Der Wirtschaftsprofessor und Kolumnist Ahmet Insel beschreibt den alltäglichen Wahn, der in Gerichtsverhandlungen Praxis geworden ist, als „eine Synthese der Rechtsauffassung des Nazi-Deutschlands und des Gerichtsterror-Praxis des Stalinismus“. Für den türkischen Staatspräsidenten Recep Tayyip Erdogan hingegen ist das ein funktionierender Rechtsstaat. Während des G20-Gipfels in Hamburg vergangene Woche behauptete er das erneut. Er sagte zunächst, die türkischen Gerichte seien unabhängig, um kurz darauf zu erklären, was die festgenommenen Menschenrechtler verbrochen hätten und dafür bestraft werden würden. Jeder weiß seitdem, was die Gerichte mit diesen Menschenrechtlern machen werden.
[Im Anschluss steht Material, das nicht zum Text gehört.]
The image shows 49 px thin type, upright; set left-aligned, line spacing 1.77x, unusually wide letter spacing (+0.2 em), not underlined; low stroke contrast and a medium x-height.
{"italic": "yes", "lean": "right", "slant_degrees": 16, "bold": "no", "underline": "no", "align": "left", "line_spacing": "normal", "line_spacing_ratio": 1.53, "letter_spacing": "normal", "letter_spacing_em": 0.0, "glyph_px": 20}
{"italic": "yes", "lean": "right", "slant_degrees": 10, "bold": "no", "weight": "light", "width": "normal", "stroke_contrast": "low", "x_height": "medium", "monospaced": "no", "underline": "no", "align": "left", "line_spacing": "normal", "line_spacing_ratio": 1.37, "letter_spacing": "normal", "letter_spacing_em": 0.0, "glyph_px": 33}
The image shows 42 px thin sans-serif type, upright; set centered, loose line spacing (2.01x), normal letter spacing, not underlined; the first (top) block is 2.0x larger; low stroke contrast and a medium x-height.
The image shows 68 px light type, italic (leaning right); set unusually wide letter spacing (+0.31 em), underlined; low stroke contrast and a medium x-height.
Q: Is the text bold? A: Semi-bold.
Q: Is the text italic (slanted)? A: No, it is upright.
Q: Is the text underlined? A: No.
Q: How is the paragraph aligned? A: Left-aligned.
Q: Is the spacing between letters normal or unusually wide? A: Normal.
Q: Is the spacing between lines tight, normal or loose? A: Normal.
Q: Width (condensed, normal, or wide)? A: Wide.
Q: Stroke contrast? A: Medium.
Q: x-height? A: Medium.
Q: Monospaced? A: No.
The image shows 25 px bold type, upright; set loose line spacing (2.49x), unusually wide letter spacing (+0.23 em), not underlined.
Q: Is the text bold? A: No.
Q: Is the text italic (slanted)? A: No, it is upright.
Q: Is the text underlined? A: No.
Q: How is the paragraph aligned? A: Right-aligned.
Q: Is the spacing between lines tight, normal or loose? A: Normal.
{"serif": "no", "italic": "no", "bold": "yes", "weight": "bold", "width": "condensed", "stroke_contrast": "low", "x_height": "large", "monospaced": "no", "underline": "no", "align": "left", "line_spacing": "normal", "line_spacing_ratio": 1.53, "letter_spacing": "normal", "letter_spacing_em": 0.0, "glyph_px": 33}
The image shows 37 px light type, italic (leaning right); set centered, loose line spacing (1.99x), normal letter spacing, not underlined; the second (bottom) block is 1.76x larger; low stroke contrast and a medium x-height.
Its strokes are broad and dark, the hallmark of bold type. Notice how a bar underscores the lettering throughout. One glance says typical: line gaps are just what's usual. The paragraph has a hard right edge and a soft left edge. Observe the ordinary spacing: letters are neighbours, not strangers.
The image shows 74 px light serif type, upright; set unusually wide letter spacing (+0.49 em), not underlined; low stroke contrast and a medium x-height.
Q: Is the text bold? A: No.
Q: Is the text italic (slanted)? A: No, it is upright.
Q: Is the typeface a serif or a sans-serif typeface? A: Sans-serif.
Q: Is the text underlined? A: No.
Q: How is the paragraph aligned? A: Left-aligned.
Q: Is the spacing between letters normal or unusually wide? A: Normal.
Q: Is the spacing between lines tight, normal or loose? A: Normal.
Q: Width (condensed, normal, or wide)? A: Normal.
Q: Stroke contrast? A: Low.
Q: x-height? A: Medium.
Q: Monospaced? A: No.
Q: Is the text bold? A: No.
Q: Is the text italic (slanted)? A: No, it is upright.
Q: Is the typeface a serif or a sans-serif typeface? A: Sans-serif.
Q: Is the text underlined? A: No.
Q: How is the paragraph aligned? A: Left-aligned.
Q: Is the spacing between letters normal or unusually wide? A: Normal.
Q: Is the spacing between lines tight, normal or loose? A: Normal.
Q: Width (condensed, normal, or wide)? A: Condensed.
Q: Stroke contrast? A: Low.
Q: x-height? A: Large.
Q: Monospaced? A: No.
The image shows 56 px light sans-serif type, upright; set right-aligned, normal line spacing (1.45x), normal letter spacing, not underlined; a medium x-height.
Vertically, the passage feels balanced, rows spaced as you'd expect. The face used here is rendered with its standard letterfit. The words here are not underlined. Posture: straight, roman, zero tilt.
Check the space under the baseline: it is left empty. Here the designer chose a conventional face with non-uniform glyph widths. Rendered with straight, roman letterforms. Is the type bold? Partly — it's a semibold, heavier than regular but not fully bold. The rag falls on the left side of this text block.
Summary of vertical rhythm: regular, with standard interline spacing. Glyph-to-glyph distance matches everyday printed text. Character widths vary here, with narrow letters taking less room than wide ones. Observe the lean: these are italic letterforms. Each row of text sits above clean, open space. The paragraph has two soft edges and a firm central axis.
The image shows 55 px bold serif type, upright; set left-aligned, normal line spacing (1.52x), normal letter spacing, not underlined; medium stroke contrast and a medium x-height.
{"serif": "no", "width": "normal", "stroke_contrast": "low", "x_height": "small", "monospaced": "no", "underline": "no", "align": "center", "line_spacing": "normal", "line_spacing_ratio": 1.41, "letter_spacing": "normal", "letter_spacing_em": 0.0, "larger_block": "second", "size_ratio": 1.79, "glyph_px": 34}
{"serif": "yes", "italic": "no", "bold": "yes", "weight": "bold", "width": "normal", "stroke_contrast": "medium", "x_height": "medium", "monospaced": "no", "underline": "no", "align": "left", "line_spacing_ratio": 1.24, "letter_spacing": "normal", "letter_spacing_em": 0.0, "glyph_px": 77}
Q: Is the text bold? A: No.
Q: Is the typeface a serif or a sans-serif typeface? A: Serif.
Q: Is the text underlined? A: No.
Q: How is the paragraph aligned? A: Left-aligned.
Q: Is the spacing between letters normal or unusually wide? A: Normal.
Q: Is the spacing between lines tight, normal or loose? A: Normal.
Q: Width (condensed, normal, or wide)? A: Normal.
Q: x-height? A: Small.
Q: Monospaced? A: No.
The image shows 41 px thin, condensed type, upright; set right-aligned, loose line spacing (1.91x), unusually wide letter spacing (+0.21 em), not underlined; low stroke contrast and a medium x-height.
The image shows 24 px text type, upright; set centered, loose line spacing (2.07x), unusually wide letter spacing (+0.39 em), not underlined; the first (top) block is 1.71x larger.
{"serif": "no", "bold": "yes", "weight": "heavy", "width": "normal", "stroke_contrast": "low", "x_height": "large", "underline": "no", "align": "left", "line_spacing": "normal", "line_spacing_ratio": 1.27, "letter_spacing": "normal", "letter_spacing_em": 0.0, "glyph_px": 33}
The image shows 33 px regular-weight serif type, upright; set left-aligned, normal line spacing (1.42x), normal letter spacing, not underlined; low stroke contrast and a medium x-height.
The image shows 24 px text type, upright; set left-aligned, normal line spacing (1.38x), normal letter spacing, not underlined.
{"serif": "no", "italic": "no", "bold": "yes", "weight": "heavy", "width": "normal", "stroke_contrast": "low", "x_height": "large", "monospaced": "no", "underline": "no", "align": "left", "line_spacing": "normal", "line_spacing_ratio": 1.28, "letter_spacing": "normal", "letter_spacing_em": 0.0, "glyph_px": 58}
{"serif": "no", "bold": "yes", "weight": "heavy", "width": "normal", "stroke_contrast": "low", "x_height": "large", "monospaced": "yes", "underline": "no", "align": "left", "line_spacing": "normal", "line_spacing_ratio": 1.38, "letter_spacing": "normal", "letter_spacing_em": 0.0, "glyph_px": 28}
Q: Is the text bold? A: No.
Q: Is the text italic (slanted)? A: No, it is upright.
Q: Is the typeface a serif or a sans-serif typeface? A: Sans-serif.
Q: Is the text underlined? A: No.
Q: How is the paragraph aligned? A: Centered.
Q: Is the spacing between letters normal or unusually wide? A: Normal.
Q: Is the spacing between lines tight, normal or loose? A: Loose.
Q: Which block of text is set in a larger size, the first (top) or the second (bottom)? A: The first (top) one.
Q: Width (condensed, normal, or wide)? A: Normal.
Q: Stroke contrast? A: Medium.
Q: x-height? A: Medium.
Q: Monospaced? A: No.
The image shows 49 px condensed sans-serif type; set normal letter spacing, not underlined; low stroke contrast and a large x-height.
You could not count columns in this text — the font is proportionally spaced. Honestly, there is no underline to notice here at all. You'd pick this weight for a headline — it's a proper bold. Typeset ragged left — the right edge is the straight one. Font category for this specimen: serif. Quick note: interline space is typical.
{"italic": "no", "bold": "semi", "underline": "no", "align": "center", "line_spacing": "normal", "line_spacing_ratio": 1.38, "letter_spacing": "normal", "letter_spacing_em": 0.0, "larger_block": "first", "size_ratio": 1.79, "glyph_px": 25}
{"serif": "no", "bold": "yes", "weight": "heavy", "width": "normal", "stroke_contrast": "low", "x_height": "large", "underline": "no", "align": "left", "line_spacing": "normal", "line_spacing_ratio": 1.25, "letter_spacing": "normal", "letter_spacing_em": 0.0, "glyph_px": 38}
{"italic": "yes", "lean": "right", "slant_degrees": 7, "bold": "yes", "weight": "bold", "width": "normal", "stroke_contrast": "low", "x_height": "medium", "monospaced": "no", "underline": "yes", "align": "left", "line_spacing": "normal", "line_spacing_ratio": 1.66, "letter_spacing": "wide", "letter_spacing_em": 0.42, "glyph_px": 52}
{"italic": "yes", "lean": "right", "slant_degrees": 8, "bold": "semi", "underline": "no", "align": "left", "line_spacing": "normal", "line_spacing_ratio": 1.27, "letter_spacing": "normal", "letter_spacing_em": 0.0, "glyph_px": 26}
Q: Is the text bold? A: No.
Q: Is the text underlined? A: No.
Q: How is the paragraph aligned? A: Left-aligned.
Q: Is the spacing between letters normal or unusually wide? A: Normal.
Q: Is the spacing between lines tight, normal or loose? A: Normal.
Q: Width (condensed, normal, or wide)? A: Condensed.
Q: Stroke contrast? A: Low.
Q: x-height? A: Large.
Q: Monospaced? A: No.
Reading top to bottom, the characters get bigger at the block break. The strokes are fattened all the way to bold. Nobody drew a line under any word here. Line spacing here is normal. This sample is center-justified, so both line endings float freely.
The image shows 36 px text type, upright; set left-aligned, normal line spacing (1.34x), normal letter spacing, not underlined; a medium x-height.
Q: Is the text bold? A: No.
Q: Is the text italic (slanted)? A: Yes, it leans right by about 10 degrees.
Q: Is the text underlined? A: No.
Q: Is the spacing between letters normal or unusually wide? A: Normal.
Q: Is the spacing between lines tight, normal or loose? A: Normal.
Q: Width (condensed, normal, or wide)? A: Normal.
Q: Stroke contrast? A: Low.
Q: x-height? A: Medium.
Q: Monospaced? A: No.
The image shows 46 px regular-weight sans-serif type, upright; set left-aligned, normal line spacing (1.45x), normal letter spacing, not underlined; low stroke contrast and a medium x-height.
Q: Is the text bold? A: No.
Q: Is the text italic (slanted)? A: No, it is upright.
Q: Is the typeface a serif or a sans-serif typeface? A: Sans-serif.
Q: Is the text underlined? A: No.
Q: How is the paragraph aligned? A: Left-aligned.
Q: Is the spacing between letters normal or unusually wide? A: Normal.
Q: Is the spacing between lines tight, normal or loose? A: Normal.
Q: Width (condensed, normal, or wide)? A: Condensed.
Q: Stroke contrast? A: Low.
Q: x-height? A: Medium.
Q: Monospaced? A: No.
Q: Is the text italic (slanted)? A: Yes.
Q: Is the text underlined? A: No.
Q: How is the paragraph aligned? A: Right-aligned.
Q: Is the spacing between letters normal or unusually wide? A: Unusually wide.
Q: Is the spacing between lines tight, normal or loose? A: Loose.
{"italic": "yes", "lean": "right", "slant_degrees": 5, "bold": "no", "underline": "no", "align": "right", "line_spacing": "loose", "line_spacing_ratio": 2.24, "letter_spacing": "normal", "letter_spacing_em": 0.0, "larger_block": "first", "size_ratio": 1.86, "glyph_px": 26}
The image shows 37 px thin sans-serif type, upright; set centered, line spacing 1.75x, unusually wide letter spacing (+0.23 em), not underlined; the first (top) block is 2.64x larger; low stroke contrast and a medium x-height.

Es ist diese Gerissenheit, die den westlichen Politikern den Umgang mit der Gewaltherrschaft in der Türkei erschwert. Eine EU-Mitgliedschaft steht ohnehin nicht mehr zur Debatte, auch wenn das in der Türkei selbst noch nicht angekommen ist. Doch diese Frage stellt sich ihnen dringend: Kann die Türkei trotz der aktuellen faschistischen Tendenzen an den Westen angebunden bleiben? Die Wirtschaftsinteressen sind auf beiden Seiten groß. Eine Anpassung der Zollunion an die neuen Realitäten ist jedenfalls überfällig. Und was wird passieren, falls Ankara entscheidet, sich von Europa und dem Westen zu entfernen?

Europäische Politiker versuchen sich, trotz wachsender Kritik der eigenen Wähler, in einem sogenannten „neuen politischen Dialog“, der beim Brüssel-Besuch des Autokraten Erdogan Ende Mai initiiert wurde. Die Türken haben in diesem Rahmen versprochen, Reformpläne in sieben Bereichen vorzulegen, um im Gegenzug Visafreiheit zu erhalten. Angeblich sind die Pläne bereits in den Schubladen türkischer Diplomaten. Sie würden nur auf das grüne Licht von „politisch Zuständigen“ warten, um sie dem EU-Kommissar Johannes Hahn vorzulegen, der für die EU-Erweiterung zuständig ist. Dass der einzige „politisch Zuständige“ auf türkischer Seite Erdogan ist, muss dabei nicht erwähnt werden.

Doch es gibt kaum Hoffnung auf eine Wiederannäherung, selbst wenn Ankara Reformpläne vorlegt. Denn die willkürlichen Verhaftungswellen gegen Andersdenkende halten an. Neue Gesetze und Vorschriften, die notwendig wurden, weil mit dem Referendum das Präsidialsystem eingeführt wurde, unterminieren alle demokratischen Regeln. So wird es demnächst Parlamentariern verboten sein, Begriffe, wie „Kurden“ oder „Völkermord an Armeniern“ in den Mund zu nehmen, weil diese angeblich das Türkentum beleidigen.

Die Opposition formiert sich unterdessen erneut. Mit einem Marsch für Gerechtigkeit weckte der Oppositionsführer Kemal Kilicdaroglu neue Hoffnungen. Doch der politischen Opposition steht ein noch längerer Weg bevor als der von Ankara nach Istanbul. Niemand weiß, ob sie den internen Widersprüchen standhalten können. Kommenden Dienstag treffen sich Beamte beider Seiten in Brüssel, um über die Zukunft der Beziehungen zu sprechen. Konkrete Resultate aus diesen Gesprächen sind kaum zu erwarten, sondern eher eine „EU-Lösung“, die alles offen lässt.